(Beginning of The data)

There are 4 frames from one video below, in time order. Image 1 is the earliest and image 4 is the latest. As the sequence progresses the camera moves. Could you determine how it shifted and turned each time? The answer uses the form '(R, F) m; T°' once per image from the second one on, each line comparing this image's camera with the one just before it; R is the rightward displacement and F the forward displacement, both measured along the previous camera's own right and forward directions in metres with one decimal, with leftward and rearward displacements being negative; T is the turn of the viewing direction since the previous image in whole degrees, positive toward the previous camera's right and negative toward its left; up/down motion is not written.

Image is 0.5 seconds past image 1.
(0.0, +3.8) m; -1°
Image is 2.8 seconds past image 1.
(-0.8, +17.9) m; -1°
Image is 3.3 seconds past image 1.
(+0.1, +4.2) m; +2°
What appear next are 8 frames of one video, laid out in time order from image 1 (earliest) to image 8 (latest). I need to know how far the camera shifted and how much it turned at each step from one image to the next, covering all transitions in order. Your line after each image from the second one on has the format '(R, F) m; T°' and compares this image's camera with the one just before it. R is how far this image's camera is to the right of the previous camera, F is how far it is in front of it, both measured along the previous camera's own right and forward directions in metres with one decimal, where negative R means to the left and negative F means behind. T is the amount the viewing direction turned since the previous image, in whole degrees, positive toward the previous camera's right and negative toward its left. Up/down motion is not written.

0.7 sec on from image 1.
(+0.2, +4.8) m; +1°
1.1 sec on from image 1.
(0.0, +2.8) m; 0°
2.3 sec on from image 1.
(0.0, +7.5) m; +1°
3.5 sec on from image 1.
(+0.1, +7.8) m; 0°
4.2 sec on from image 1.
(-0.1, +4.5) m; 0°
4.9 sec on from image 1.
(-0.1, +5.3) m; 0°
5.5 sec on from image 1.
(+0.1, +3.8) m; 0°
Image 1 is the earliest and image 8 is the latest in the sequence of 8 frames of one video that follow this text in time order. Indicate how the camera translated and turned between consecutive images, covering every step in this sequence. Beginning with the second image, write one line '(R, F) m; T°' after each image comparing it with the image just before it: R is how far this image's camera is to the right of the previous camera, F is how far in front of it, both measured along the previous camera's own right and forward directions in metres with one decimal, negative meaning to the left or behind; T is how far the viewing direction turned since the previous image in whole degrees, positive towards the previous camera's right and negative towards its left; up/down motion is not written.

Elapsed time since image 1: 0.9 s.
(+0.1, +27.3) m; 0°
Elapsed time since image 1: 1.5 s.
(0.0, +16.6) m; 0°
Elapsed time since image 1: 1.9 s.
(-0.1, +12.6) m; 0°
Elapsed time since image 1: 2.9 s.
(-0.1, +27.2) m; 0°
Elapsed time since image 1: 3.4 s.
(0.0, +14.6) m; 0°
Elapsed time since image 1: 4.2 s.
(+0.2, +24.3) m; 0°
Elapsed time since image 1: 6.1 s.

(End of The data)

What is required: Output the records exactly.

Expected answer:
There are 4 frames from one video below, in time order. Image 1 is the earliest and image 4 is the latest. As the sequence progresses the camera moves. Could you determine how it shifted and turned each time? The answer uses the form '(R, F) m; T°' once per image from the second one on, each line comparing this image's camera with the one just before it; R is the rightward displacement and F the forward displacement, both measured along the previous camera's own right and forward directions in metres with one decimal, with leftward and rearward displacements being negative; T is the turn of the viewing direction since the previous image in whole degrees, positive toward the previous camera's right and negative toward its left; up/down motion is not written.

Image is 0.5 seconds past image 1.
(0.0, +3.8) m; -1°
Image is 2.8 seconds past image 1.
(-0.8, +17.9) m; -1°
Image is 3.3 seconds past image 1.
(+0.1, +4.2) m; +2°
What appear next are 8 frames of one video, laid out in time order from image 1 (earliest) to image 8 (latest). I need to know how far the camera shifted and how much it turned at each step from one image to the next, covering all transitions in order. Your line after each image from the second one on has the format '(R, F) m; T°' and compares this image's camera with the one just before it. R is how far this image's camera is to the right of the previous camera, F is how far it is in front of it, both measured along the previous camera's own right and forward directions in metres with one decimal, where negative R means to the left and negative F means behind. T is the amount the viewing direction turned since the previous image, in whole degrees, positive toward the previous camera's right and negative toward its left. Up/down motion is not written.

0.7 sec on from image 1.
(+0.2, +4.8) m; +1°
1.1 sec on from image 1.
(0.0, +2.8) m; 0°
2.3 sec on from image 1.
(0.0, +7.5) m; +1°
3.5 sec on from image 1.
(+0.1, +7.8) m; 0°
4.2 sec on from image 1.
(-0.1, +4.5) m; 0°
4.9 sec on from image 1.
(-0.1, +5.3) m; 0°
5.5 sec on from image 1.
(+0.1, +3.8) m; 0°
Image 1 is the earliest and image 8 is the latest in the sequence of 8 frames of one video that follow this text in time order. Indicate how the camera translated and turned between consecutive images, covering every step in this sequence. Beginning with the second image, write one line '(R, F) m; T°' after each image comparing it with the image just before it: R is how far this image's camera is to the right of the previous camera, F is how far in front of it, both measured along the previous camera's own right and forward directions in metres with one decimal, negative meaning to the left or behind; T is how far the viewing direction turned since the previous image in whole degrees, positive towards the previous camera's right and negative towards its left; up/down motion is not written.

Elapsed time since image 1: 0.9 s.
(+0.1, +27.3) m; 0°
Elapsed time since image 1: 1.5 s.
(0.0, +16.6) m; 0°
Elapsed time since image 1: 1.9 s.
(-0.1, +12.6) m; 0°
Elapsed time since image 1: 2.9 s.
(-0.1, +27.2) m; 0°
Elapsed time since image 1: 3.4 s.
(0.0, +14.6) m; 0°
Elapsed time since image 1: 4.2 s.
(+0.2, +24.3) m; 0°
Elapsed time since image 1: 6.1 s.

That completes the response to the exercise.